Keywords: data repository, FAIR, research metadata, metrology, data portal, government

Introduction

NIST research is predominantly characterized as “long tail” in terms of the data produced, i.e., small datasets that are highly varied in topic and content.[1] This is colloquially described as “a mile wide and an inch deep” and may be classified as big data in context of variety and veracity. Newer, more modern laboratory instrumentation such as nuclear magnetic resonance spectrometers, electron microscopes, synchrotron beamlines, and high-performance computers usher NIST into the realm of managing the velocity and volume of big data. Furthermore, new strategic initiatives in the areas of artificial intelligence (AI) require an infrastructure designed to support digital mining and transformation. Management and exchange of the underlying research domain-specific data with both internal and external communities are important considerations for the OAR architecture and implementation.

The overarching goal of OAR is to deliver a robust research data infrastructure to share the results of NIST research with the community at large. Our strategy for achieving this goal involves collaborative data science as demonstrated through usage statistics from astronomical archives’ data discovery and access patterns.[2] Organizations face many challenges striving to balance rapid advancements in technology and data driven research with internal operational costs and constraints. To meet these challenges, NIST assembled a diverse group of experts with key leaders and engaged stakeholders via cross-organizational advisors. This resulted in a joint effort to build an integrated system engineered to support data workflow processes, systems infrastructure, and public dissemination with secure publicly accessible platforms for scientific collaboration.

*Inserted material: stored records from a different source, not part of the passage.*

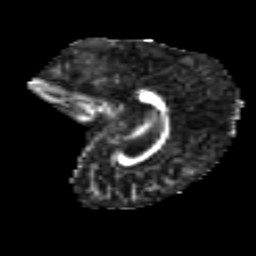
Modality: FA
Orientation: sagittal
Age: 12
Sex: male
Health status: ill
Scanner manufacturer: ge
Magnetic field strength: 3 T
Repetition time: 6.752 s
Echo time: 0.079 s

At the onset of the OAR project, priority was placed on developing a system that would allow us to comply with government open data policy.[3] This resulted in a baseline Minimum Viable Product (MVP), delivering a NIST public data listing (PDL) which enforces adherence to a new government data standard semantic model, the Project Open Data (POD) schema. The NIST PDL continues to be routinely harvested by the Department of Commerce and made available through the U.S. data.gov web portal, which hosts records of all POD-compliant government public datasets. Following enactment of the OPEN Government Data Act[4], updates and compliance of our OAR infrastructure will be further advanced.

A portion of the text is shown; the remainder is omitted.